Julien Gaillard Frédéric Vossier
Grand Palais
Les Solitaires intempestifs, 64 p., 13 euros Grand Palais est le texte d’une pièce de théâtre mis en scène par Pascal Kirsch, dont la représentation sera donnée du 1er au 3 mars à la Comédie de Reims, et du 10 au 16 mars au TNS. Il s’agit d’un poème d’amour, de mort et de merde, sur l’irréparable. Que s’est-il passé cette nuit d’octobre 1971 où Georges Dyer s’est donné la mort dans la chambre d’hôtel de son amant, Francis Bacon, venu à Paris pour sa consécration au Grand Palais? La littérature dramatique participe du champ littéraire, avec une liberté folle – comme ce texte écrit par deux auteurs, dans une unité de voix qui renvoie à l’union discordante de toute passion. Comment ont-ils fait ? Qui a écrit quoi dans ce dialogue tissé de citations de T.S. Eliot ou de Yeats, de notations évoquant des oeuvres d’art?

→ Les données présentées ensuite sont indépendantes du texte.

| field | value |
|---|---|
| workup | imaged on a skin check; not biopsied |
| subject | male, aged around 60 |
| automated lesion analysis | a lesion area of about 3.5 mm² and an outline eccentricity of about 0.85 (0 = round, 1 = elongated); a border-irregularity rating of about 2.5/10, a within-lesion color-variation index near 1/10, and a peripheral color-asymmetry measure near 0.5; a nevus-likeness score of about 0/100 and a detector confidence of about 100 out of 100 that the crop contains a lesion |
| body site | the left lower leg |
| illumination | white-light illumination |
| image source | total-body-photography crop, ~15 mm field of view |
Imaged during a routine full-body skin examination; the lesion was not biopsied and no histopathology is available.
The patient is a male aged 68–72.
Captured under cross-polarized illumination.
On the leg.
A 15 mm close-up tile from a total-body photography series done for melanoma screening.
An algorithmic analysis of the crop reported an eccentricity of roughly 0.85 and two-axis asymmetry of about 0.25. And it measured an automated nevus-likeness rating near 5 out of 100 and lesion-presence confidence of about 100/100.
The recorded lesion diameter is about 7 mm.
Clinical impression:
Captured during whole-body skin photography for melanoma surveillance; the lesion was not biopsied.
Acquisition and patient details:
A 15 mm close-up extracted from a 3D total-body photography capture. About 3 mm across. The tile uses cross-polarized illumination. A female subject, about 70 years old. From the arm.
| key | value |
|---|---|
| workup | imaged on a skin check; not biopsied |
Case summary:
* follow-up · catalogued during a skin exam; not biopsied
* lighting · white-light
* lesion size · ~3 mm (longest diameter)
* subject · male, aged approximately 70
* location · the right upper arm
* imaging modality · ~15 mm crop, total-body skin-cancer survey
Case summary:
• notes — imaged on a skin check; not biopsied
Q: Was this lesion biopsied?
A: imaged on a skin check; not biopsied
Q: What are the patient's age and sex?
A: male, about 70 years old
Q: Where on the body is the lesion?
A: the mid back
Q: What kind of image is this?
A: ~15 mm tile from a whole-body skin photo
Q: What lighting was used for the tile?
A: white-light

Ce dispositif n’est pas seulement une exhibition atroce de l’univers mental des auteurs, mais une matrice à explorer l’univers culturel de deux amants – et d’une oeuvre : « Il faut tenter de figurer. La/ fracture et le reste. Car tout est figurable. Tout. Tu/ m’entends? – Messieurs on va fermer. [Hurry up/ please it’s time] Il suffit de trouver la faille à travers/ quoi trancher dans la foule d’images qui nous sautent/ dessus. D’images déjà faites (déjà vues). » Mais la pièce n’expose pas un programme esthétique, elle se tend en Éros et en drame. L’abstraction du discours se dépouille dans une écriture à l’os, qui dit l’indicible d’une passion renvoyant au jeu de rôle, où l’un fut Bacon l’autre Dyer ? Ils ne disent rien de leur méthode et le lecteur tente de démêler les langues: « Un ciel de miel où la foudre s’englue. » Gaillard? Et Vossier ? L’intrusion des frères Kay, deux gangsters notoires du temps de Bacon? Mais la tierce langue est solide dans ses soubresauts même. Ainsi, les deux sont-ils capables de ces images-tesson de bouteille : «Tu ris en poussant ton pied sur ma tête. »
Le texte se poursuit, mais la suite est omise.